Есть еще одна особенность, которая делает эту поэму доступной и близкой нам, – я разумею возвращение к природе от лицемерия, лжи и условностей культуры. В сущности это и есть главная философская тема всех великих поэм любви начиная от «Песни песней» Соломона и «Сакунталы» Калидазы: любовь возвращает человека к природе, и это дает случай поэту изобразить прелесть сельской, наивной и здоровой жизни в ее противоположности с болезненной культурой больших городов. Пастушка Суламита, чью любовь Соломон не может купить за все сокровища, тоскует от любви к пастуху, изливает в жалобных песнях простодушное горе в такой же цветущей пустыне, как Дафнис и Хлоя. Сакунтала, воспитанница буддийских монахов, в тропическом лесу обнимает на прощание любимую лань и целует ее с такою же нежностью, как Дафнис и Хлоя своих коз и овец. Здесь мы затрагиваем глубочайшие свойства нашего сердца: ибо одинаково у арийцев и семитов – у древних евреев, греков и индийцев природа присоединяет свои бесчисленные братские голоса к песнопению человеческой любви. Любовь не отделяется от природы, как будто страсть мужчины и женщины есть только вечное возвращение человеческого существа к природе, в лоно бессознательной жизни. Любовь и природа – одно и то же; любовь – бегство души к первобытному стихийному здоровью от искусственно привитой болезни, которую мы называем культурой. Такова любовь Дафниса и Хлои, и вот почему последняя книга поэмы, в которой рассказывается возвращение влюбленных пастухов в городскую жизнь, в покинутую культурную среду, производит впечатление тягостное и дисгармоническое. Вы не верите поэту, когда он говорит, что пастушка Хлоя сделалась прекраснее в городских роскошных одеждах, и вам кажется, что лучше бы Дафнису умереть, чем забыть свою любовь хотя бы на одно мгновение, как он забывает ее в упоении богатством и почестями. Вообще конец – самая слабая часть: поэма выиграла бы в значительной мере, если бы последняя, четвертая, книга была потеряна, и надо удивляться, что Гёте, при своей художественной проницательности, этого не почувствовал.

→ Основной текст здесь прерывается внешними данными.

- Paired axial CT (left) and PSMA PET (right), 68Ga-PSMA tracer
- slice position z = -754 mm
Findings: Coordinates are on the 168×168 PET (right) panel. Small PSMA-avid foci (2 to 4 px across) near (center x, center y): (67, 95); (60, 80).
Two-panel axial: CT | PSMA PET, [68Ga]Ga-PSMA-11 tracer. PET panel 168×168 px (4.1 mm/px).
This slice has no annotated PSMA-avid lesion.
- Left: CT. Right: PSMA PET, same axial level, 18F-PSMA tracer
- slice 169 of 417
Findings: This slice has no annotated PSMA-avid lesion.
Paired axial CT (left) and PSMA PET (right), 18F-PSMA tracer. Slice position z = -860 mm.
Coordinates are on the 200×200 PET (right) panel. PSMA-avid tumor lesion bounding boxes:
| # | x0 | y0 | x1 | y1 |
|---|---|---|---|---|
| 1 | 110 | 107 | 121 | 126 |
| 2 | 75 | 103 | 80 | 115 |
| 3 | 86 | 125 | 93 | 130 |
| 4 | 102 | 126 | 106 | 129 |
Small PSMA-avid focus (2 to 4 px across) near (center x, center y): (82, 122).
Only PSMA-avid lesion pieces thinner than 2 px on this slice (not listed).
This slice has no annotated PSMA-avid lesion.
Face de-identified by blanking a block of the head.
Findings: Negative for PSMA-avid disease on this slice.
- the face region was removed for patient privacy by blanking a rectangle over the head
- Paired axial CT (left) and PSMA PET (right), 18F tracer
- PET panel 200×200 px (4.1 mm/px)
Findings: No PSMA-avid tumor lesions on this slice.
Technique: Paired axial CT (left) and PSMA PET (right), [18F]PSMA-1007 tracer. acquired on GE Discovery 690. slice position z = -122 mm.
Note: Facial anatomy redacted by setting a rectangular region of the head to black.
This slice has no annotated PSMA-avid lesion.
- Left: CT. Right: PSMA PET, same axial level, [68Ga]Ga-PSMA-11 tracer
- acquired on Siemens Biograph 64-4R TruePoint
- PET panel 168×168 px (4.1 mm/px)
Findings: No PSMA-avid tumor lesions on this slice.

Самая сильная часть поэмы – та, в которой изображается новая, неведомая древним грекам любовь к природе. Впрочем, нельзя даже сказать, чтобы Дафнис и Хлоя любили природу в том смысле, как мы ее любим: они с нею – одно. Козы и овцы, о которых влюбленные пастухи так нежно заботятся, за которых они готовы умереть, принимают не меньшее участие в действии поэмы, чем люди. Козы и овцы прыгают от радости, когда Дафнису и Хлое весело;
стоят, понурив голову и не щиплют травы, когда им грустно, слушают их музыку и как будто понимают разумную жизнь. Здесь уже предчувствуется новое братство между человеком и животным, которое получает такое огромное значение в средневековых легендах. Здесь побеждена древнебиблейская и древнегреческая гордыня, которая ставила человека вне мира животных, на высоте, как одинокого царя природы и полубога. Человек уже не презирает зверя, потому что вспоминает, что они оба – дети одной матери: он спускается ко всем живым тварям с благосклонным любопытством и в их ласковых, глубоких, лишенных мысли очах, в их бессознательной жизни находит вещие проблески и откровения. И здесь, в этой братской любви к животным, проникающей поэму Лонгуса и придающей ей пленительную нежность, мы встречаемся, в самой глубине древнеэллинского духа, с первым предвестием нового средневекового и христианского миросозерцания. В добром пастухе Дафнисе есть что-то напоминающее некоторые образы в римских катакомбах. Дух пасторали веял тогда над миром, одинаково проявляясь и в душной темноте катакомб, и на солнечном Лесбосе. Умные, кроткие, послушные музыке овцы Хлои всегда казались мне предками той средневековой овечки, которая, как повествуют Fioretti di S. Francesco, однажды в церкви, вместе с монахами, при звуках торжественного органа, вся белая и чистая в солнечном сиянии, преклоняла колени пред Франциском Ассизским. И древнеэллинская цикада, милая певунья, которая, спасаясь от ласточки, разбудила Хлою и, когда девушка положила ее к себе под одежду на грудь, продолжала петь, – должно быть, близкая родственница той итальянской цикады, которую однажды, в жаркий летний день, св. Франциск взял к себе на руку, тихонько гладил по зеленой спинке и, в поучение монахам, хвалил за то, что она не ленится прославлять Создателя ни днем, ни ночью. И цикада продолжала петь на исхудалой бледной руке святого так же безбоязненно и радостно, как на цветущей груди Хлои.